Consumo ético: Cuando tus compras tuercen la historia

Por: Fernanda Sández @siwisi

Cosméticos libres de crueldad, ropa limpia de esclavitud, comida sin trabajo infantil. Cada vez más compradores exigen saber y votan por las empresas éticas. ¿Y vos?

¿Y si supieras que ése encantador adornito navideño que acabás de comprar vale tan poco porque salió de las manos de una nena explotada en China? ¿O que el abrigo de tu hijo es “una ganga” porque salió de las manos de otro nene de su misma edad, atado catorce horas a una máquina de coser? ¿O que esa máscara de pestañas tan linda que te compraste fue testeada en un conejo imposibilitado de cerrar los ojos por días?

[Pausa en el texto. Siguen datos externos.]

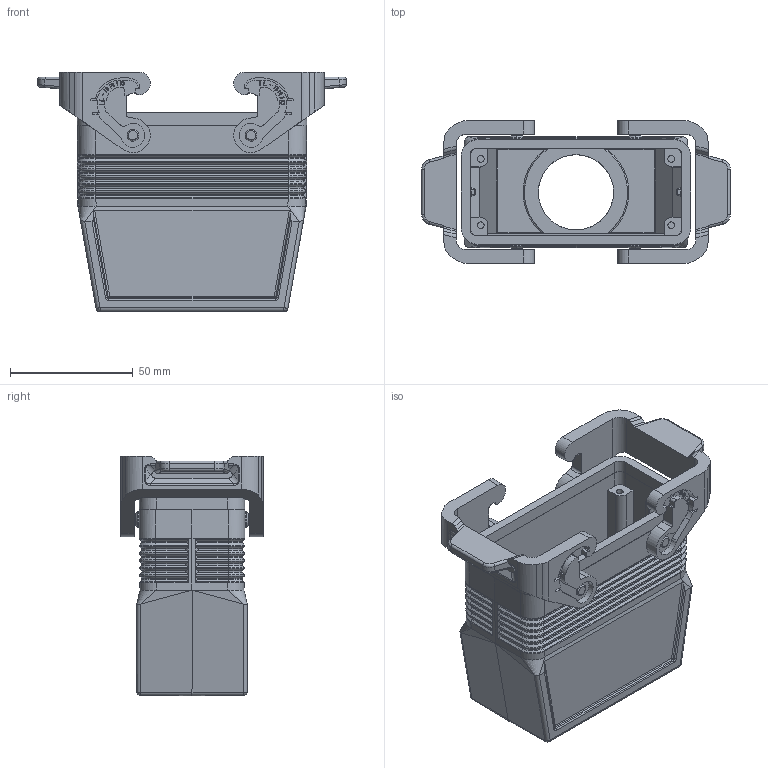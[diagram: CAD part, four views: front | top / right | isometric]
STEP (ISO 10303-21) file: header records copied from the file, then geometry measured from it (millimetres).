
FILE_DESCRIPTION(('Creo Elements/Direct Modeling STEP Export'),'2;1');
FILE_NAME('0ln7uvk5h78084o5420','2022-02-14T16:01:01',(''),(''),'Creo Elements/Direct Modeling STEP processor for AP214 (Solid Model)','Creo Elements/Direct Modeling 20.1B 02-Apr-2019 (C) Parametric Technology GmbH','');
FILE_SCHEMA(('AUTOMOTIVE_DESIGN { 1 0 10303 214 1 1 1 1 }'));
Products named in the file (2): MLFV_16_G32
Assembly tree (1 placements, depth 2):
  MLFV_16_G32
    MLFV_16_G32
Bounding box: 125.5 x 58 x 97.45 mm (x, y, z)
Volume: 118819.2 mm3; surface area: 60924 mm2
Topology: 1 solids, 1 shells, 1598 faces, 4243 edges, 2693 vertices
Faces by surface type: plane 1028, cylinder 391, torus 70, cone 56, bspline 40, sphere 13
Entity records: 68392 total; most frequent: CARTESIAN_POINT 16543, ORIENTED_EDGE 8452, DIRECTION 7713, EDGE_CURVE 4226, VECTOR 3109, LINE 3109, VERTEX_POINT 2693, AXIS2_PLACEMENT_3D 2302

Para un creciente número de personas alrededor del mundo, saber de dónde vienen y en qué condiciones fueron producidas las cosas que consumen diariamente no es importante: es decisivo. Saben que ese mínimo gesto de pagar una prenda o pasar la tarjeta de crédito es en realidad una suerte de voto. Un aval tácito a un sistema de producción a menudo edificado sobre la espalda de los más indefensos: niños, emigrantes, mujeres, animales.

Eso marca para muchos una especie de cambio de estado. Mejor aún, la mudanza de simple consumidor a una nueva categoría, cada vez más temida por las empresas: la de consumidor informado. Porque, de más está decirlo, muchos dejarían de comprar mucho de lo que hoy compran si supieran –por caso- que en la yerba de su mate hay mano de obra infantil, que detrás de la frutilla divina con la que coronan el postre de su hijo hay niños fumigadores de la misma edad (en muchas quintas, los únicos de la familia que saben leer son los hijos y por eso se les encarga el desciframiento de los bidones de agroquímicos, además de la aplicación de los mismos) o que el mineral que anima su celular de última generación financia grupos terroristas en Africa.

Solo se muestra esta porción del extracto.